* WHAT THIS TASK INVOLVES:
All entries below are to be returned exactly, with pictures left out.
=== Begin Enclosure ===
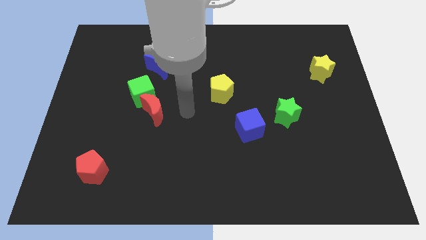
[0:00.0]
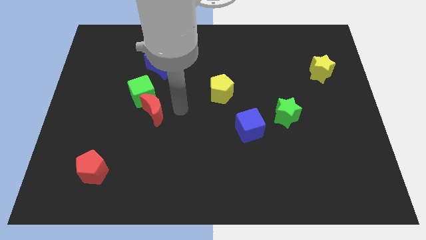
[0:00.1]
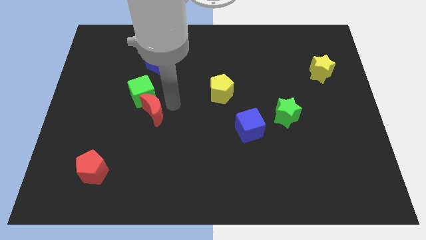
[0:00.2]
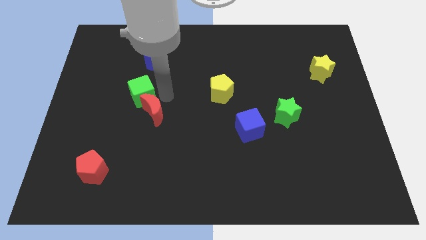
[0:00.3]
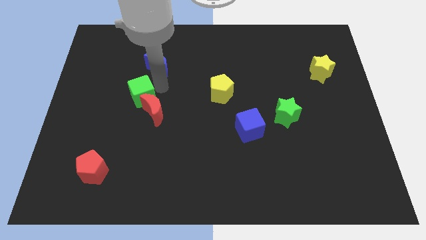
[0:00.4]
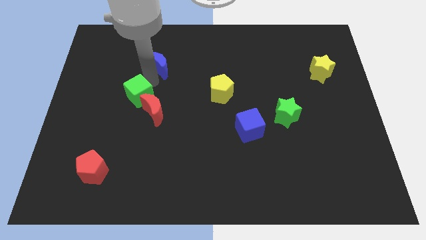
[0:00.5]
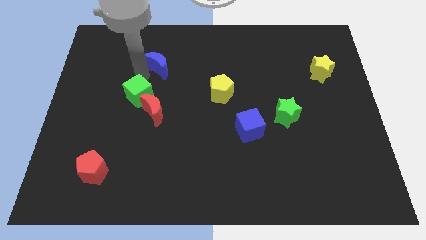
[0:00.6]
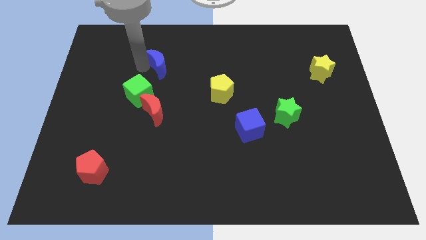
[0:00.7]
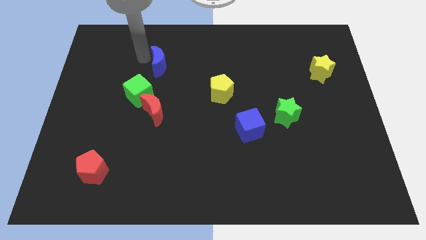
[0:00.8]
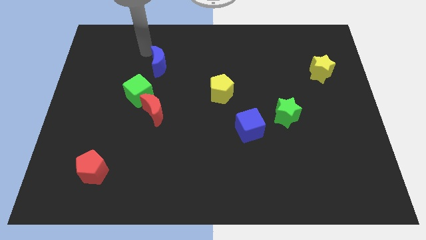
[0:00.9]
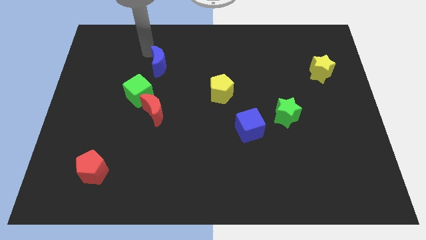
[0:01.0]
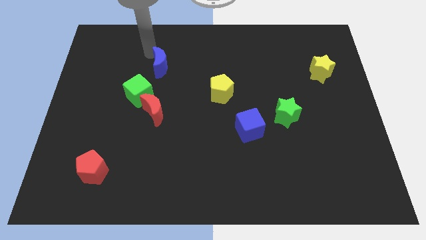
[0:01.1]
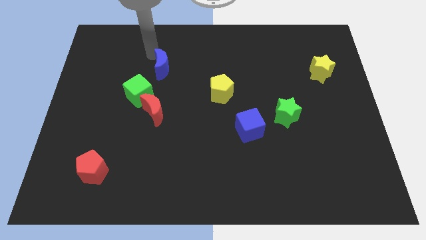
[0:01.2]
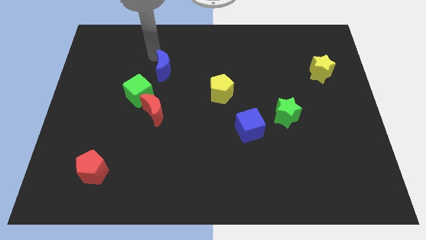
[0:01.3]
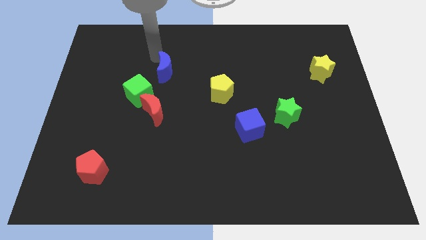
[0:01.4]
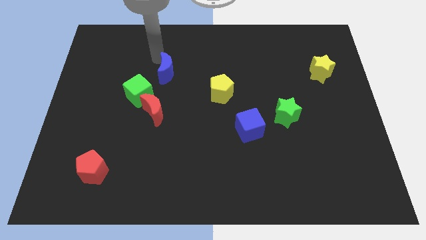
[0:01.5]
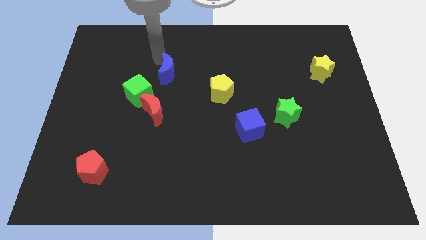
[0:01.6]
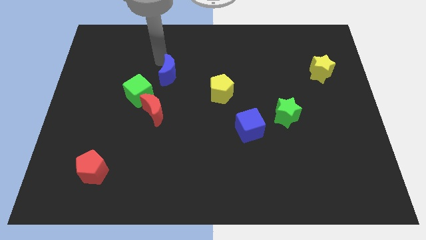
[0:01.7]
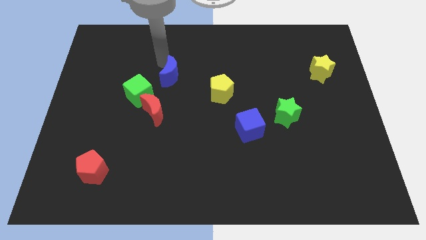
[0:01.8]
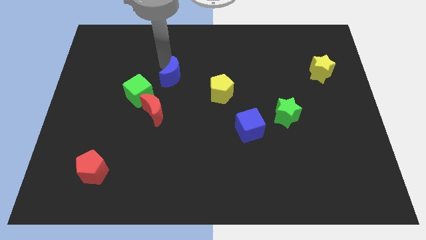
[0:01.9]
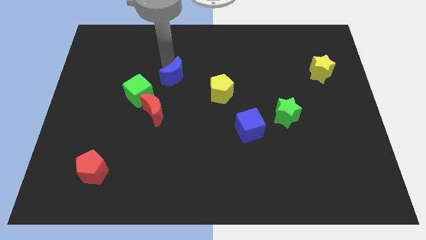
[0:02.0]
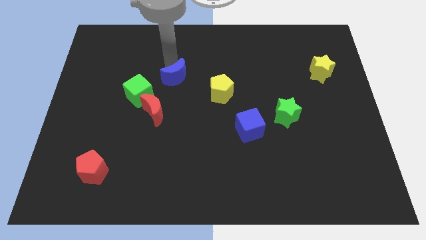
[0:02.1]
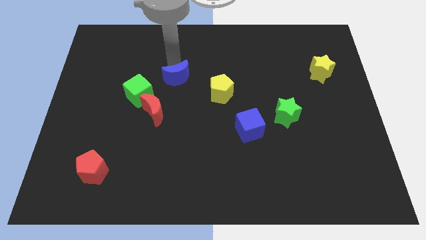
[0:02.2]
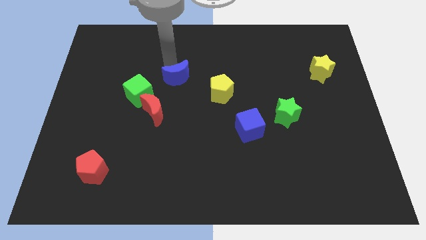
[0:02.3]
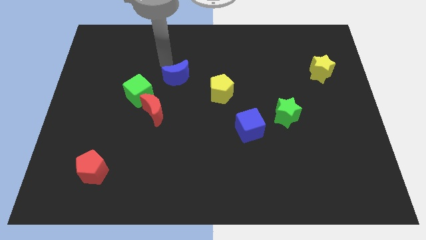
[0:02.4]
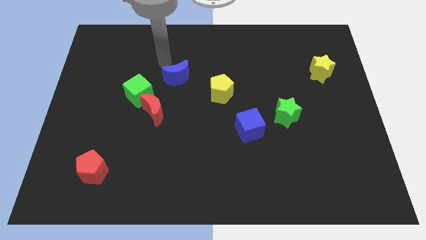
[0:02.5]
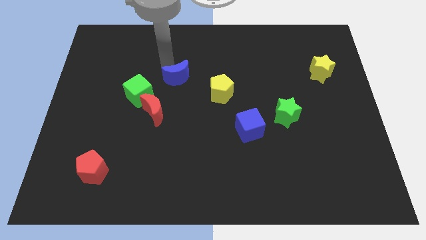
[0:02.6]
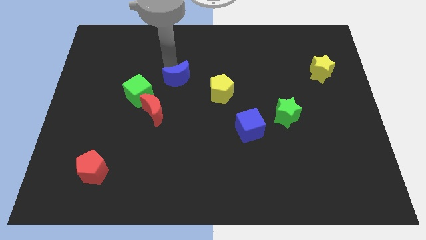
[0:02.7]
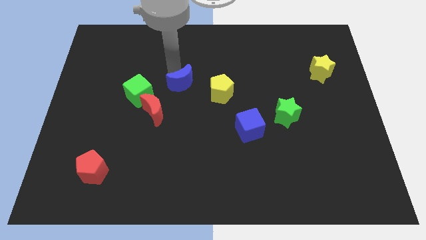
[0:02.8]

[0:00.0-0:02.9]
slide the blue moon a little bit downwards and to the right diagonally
=== End Enclosure ===
* THE ANSWER:
[0:00.0]
[0:00.1]
[0:00.2]
[0:00.3]
[0:00.4]
[0:00.5]
[0:00.6]
[0:00.7]
[0:00.8]
[0:00.9]
[0:01.0]
[0:01.1]
[0:01.2]
[0:01.3]
[0:01.4]
[0:01.5]
[0:01.6]
[0:01.7]
[0:01.8]
[0:01.9]
[0:02.0]
[0:02.1]
[0:02.2]
[0:02.3]
[0:02.4]
[0:02.5]
[0:02.6]
[0:02.7]
[0:02.8]

[0:00.0-0:02.9]
slide the blue moon a little bit downwards and to the right diagonally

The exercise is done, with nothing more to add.